You can see that all the resources are probed. Execute the fallback command at this time.

# ceph pg 4.210 mark_unfound_lost revertpg has 1 objects unfound and apparently lost marking

View cluster status

# ceph health detailHEALTH_OK

The min_size of the recovery pool vms is 2

# ceph osd pool set vms min_size 2set pool 4 min_size to 2 Thank you for reading! This is the end of the article on "what to do when Ceph appears pg object unfound". I hope the above content can be of some help to you, so that you can learn more knowledge. if you think the article is good, you can share it for more people to see!

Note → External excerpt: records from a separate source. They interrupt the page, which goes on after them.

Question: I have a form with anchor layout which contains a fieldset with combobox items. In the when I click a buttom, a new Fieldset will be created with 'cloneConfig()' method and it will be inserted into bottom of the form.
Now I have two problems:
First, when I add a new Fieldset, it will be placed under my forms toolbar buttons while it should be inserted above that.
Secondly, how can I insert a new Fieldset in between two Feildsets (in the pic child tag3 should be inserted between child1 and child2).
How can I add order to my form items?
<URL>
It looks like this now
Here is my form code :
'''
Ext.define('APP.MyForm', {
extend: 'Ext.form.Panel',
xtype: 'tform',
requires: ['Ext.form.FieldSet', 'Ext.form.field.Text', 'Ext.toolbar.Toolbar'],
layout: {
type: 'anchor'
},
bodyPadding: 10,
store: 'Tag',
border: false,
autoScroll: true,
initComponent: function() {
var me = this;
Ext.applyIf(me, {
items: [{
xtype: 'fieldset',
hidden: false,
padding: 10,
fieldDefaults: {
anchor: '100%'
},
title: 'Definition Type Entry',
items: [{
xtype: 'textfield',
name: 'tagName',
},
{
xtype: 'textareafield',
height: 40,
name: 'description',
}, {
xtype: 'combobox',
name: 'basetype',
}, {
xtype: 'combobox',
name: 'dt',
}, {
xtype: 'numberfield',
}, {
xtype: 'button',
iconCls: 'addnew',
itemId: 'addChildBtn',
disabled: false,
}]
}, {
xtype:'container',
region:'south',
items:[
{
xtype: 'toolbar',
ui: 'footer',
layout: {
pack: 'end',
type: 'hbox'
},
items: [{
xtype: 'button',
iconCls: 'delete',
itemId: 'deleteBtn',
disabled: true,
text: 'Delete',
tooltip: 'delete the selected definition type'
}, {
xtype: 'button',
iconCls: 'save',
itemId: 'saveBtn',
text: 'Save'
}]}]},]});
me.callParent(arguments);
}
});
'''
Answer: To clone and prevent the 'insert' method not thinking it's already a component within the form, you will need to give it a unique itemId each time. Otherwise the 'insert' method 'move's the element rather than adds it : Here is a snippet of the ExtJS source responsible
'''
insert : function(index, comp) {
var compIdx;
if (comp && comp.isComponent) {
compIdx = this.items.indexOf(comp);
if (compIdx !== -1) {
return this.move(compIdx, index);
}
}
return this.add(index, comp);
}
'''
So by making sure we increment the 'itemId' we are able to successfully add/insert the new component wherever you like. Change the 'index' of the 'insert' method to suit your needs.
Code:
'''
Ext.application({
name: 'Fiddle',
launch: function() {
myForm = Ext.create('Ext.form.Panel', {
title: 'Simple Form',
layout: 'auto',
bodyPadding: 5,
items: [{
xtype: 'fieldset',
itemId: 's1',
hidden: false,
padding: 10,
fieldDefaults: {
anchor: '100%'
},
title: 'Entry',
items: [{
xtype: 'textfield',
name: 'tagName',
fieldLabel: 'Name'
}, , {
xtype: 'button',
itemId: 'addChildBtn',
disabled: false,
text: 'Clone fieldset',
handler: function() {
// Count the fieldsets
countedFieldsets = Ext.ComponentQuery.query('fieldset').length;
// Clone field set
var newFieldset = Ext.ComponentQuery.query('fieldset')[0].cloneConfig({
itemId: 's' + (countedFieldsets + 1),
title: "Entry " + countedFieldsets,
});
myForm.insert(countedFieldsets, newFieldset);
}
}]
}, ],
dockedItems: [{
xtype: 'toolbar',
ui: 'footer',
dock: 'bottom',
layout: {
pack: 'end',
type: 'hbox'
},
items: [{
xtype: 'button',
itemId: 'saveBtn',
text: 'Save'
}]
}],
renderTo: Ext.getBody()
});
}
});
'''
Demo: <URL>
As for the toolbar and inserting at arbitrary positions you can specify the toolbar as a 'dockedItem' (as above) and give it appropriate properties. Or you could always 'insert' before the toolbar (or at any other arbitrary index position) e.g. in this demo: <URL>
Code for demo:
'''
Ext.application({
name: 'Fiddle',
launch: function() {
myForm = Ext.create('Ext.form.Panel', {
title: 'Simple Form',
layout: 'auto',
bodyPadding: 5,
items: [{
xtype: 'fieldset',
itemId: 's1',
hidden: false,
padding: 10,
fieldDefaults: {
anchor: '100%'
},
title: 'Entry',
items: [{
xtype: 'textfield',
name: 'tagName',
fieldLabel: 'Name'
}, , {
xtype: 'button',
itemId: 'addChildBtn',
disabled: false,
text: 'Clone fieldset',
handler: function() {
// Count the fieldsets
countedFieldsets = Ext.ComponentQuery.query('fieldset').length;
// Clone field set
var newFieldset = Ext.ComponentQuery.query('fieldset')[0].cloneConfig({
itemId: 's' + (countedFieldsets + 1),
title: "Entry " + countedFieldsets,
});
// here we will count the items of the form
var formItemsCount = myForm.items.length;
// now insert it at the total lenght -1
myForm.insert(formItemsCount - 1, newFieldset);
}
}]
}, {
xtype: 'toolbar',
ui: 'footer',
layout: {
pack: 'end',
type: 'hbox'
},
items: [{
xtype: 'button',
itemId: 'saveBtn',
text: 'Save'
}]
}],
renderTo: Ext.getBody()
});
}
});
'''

Welcome to subscribe "Shulou Technology Information " to get latest news, interesting things and hot topics in the IT industry, and controls the hottest and latest Internet news, technology news and IT industry trends.

*The comments in the above article only represent the author's personal views and do not represent the views and positions of this website. If you have more insights, please feel free to contribute and share.